__Instructions to follow__
Once you reach the line that holds "སྩལ་སོང་། ༈ ཉིན་སོ་བཞི་པར྄་ཀླུ་སྒྲུབ་ཀྱིས།" in the listing below, output it and every line after it through the line that holds "སྦྱར་བའི་ཚུལ། གཞན་སྐྱེ་ལ་དོན་དམ་དུ་མེད་པ་སྦྱར་དགོས་ཚུལ། ༈", word for word.

__Supplied data__
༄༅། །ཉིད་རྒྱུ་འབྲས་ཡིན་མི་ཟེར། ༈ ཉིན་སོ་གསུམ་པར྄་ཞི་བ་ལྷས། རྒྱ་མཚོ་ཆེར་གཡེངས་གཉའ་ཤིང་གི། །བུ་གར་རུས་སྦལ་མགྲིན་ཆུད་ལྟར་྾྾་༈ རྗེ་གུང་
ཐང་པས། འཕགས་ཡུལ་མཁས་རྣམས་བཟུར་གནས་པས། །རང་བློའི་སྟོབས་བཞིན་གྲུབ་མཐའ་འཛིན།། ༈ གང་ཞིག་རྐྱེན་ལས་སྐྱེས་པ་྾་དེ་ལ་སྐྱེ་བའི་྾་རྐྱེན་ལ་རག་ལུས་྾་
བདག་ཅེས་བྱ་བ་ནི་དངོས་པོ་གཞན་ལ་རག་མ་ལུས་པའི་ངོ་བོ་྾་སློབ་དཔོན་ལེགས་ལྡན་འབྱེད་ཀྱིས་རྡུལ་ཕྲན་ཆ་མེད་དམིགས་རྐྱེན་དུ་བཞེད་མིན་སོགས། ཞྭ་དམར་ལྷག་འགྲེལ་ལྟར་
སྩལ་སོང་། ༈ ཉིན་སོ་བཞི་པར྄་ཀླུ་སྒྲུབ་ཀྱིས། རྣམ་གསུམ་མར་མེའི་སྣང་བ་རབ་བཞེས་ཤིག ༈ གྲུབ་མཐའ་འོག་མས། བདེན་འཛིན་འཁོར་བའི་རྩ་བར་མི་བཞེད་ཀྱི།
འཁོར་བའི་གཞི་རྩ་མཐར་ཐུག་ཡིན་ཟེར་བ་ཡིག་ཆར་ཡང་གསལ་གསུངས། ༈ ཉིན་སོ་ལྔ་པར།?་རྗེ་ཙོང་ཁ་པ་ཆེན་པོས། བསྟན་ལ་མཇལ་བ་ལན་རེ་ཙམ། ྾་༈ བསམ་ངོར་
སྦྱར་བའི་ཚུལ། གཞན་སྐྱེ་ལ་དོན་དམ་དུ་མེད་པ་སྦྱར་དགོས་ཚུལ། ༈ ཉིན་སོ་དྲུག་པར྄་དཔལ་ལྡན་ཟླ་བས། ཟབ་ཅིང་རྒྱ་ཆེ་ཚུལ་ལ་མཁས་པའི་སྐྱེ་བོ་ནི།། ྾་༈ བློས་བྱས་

==

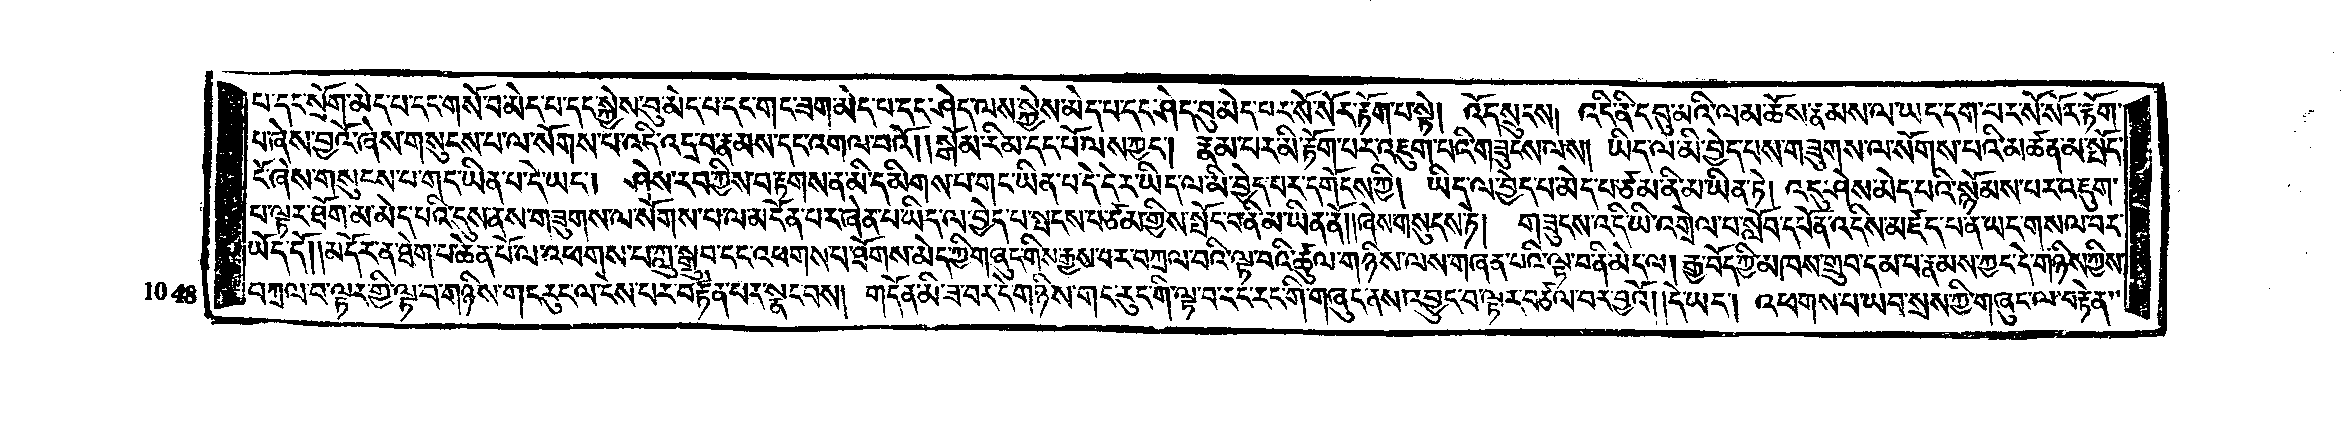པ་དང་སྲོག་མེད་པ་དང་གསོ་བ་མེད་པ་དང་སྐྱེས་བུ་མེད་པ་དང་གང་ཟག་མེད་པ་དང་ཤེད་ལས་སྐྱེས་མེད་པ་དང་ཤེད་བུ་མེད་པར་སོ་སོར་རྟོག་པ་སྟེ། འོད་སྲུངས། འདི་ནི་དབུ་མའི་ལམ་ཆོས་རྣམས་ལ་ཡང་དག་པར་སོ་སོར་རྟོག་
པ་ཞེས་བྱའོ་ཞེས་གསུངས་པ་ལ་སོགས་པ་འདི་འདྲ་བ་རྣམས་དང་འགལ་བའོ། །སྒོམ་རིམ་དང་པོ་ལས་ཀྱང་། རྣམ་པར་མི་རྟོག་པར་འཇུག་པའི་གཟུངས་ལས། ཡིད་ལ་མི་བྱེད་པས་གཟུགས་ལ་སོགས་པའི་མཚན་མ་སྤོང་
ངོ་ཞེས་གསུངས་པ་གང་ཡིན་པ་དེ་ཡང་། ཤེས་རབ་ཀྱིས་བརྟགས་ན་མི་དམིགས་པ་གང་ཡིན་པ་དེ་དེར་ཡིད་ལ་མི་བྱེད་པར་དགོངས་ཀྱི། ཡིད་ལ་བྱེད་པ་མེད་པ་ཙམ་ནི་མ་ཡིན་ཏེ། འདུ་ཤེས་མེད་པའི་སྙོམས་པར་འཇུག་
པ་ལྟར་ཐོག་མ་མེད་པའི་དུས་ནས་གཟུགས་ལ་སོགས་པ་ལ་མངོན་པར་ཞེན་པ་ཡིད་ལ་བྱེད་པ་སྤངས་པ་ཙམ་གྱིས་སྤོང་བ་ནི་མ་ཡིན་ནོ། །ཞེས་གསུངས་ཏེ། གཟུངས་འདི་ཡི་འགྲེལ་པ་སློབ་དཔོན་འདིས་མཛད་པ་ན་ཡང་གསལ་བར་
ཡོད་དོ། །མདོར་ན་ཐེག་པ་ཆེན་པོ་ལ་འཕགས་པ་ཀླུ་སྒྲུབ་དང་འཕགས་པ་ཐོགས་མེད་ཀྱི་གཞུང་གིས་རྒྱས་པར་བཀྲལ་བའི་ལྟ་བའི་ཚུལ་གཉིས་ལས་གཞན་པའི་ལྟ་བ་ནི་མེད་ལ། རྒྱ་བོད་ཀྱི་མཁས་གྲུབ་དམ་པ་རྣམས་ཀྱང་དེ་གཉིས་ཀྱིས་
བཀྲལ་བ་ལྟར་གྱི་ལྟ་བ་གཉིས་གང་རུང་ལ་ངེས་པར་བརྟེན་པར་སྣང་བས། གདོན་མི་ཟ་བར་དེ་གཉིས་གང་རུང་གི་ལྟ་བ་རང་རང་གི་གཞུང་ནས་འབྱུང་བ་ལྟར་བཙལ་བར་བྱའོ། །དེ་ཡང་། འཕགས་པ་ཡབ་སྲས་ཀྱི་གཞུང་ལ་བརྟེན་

__Response below__
སྩལ་སོང་། ༈ ཉིན་སོ་བཞི་པར྄་ཀླུ་སྒྲུབ་ཀྱིས། རྣམ་གསུམ་མར་མེའི་སྣང་བ་རབ་བཞེས་ཤིག ༈ གྲུབ་མཐའ་འོག་མས། བདེན་འཛིན་འཁོར་བའི་རྩ་བར་མི་བཞེད་ཀྱི།
འཁོར་བའི་གཞི་རྩ་མཐར་ཐུག་ཡིན་ཟེར་བ་ཡིག་ཆར་ཡང་གསལ་གསུངས། ༈ ཉིན་སོ་ལྔ་པར།?་རྗེ་ཙོང་ཁ་པ་ཆེན་པོས། བསྟན་ལ་མཇལ་བ་ལན་རེ་ཙམ། ྾་༈ བསམ་ངོར་
སྦྱར་བའི་ཚུལ། གཞན་སྐྱེ་ལ་དོན་དམ་དུ་མེད་པ་སྦྱར་དགོས་ཚུལ། ༈ ཉིན་སོ་དྲུག་པར྄་དཔལ་ལྡན་ཟླ་བས། ཟབ་ཅིང་རྒྱ་ཆེ་ཚུལ་ལ་མཁས་པའི་སྐྱེ་བོ་ནི།། ྾་༈ བློས་བྱས་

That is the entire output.